We saw earlier the buy-n-large framework of implementing a supervised Machine Learning model.

1. Choose a class of model
2. Choose model hyperparameters
3. Fit the model to the training data
4. Use the model to predict labels for new data

A huge part of this whole process is choosing the model, tuning the parameters of the model and then training and testing of the trained model. Let's have a deeper look into this.

## Model Validation

The concept of Model validation is pretty straight forward. Testing the prediction of the model on a provided training data with known output.

Here's a naive approach to this problem.

### The wrong way

We've used this approach in one of the previous sections. 

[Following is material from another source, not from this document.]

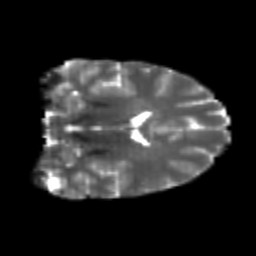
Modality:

dict_keys(['data', 'target', 'frame', 'target_names', 'DESCR', 'feature_names', 'filename', 'data_module'])

In [14]:
import seaborn as sns
Dataset=sns.load_dataset('iris')

X_data=Dataset.iloc[:,:4]
Y_data=Dataset.iloc[:,4]


0          setosa
50     versicolor
100     virginica
Name: species, dtype: object

Now we choose a model to train this data on. For this instance we'll pick k-neighbours.

In [31]:
from sklearn.neighbors import KNeighborsClassifier

model=KNeighborsClassifier(
    n_neighbors=1
)

Now we train the model

In [32]:
model.fit(X_data,Y_data)
Y_pred=model.predict(X_data)

And then we calculate it's accuracy.

In [33]:
from sklearn.metrics import confusion_matrix,accuracy_score
# confusion_matrix(Y_data,Y_pred)
accuracy_score(Y_data,Y_pred)

1.0

From the accuracy above, it should be pretty evident that our model is performing perfectly which is false. Our model trains and evaluates on the same data. Furthermore, the K-nearest-neighbourhood algorithm is an instance based algorithm. i.e. it simply stores the data and predicts the labels of each new data point based on the class of the nearest data points in the training dataset. Here the each data point it tries to predict the label of is already in the dataset. It'll obviously be always right in such a case.

### The right way: Holdout Sets

A correct evaluation can be made by training the model on a subset of the dataset so that we don't over train the model and our evaluation method stays more critical and realistic during evaluation.

In [44]:
from sklearn.model_selection import train_test_split
X_test,X_train,Y_test,Y_train=train_test_split(X_data,Y_data)

In [45]:
model.fit(X_train,Y_train)
Y_pred=model.predict(X_test)

accuracy_score(Y_test,Y_pred)

0.8928571428571429

Here, although our model is not performing perfectly, the accuracy seems more realistic and true since it was tested on data that the model was oblivious of while training.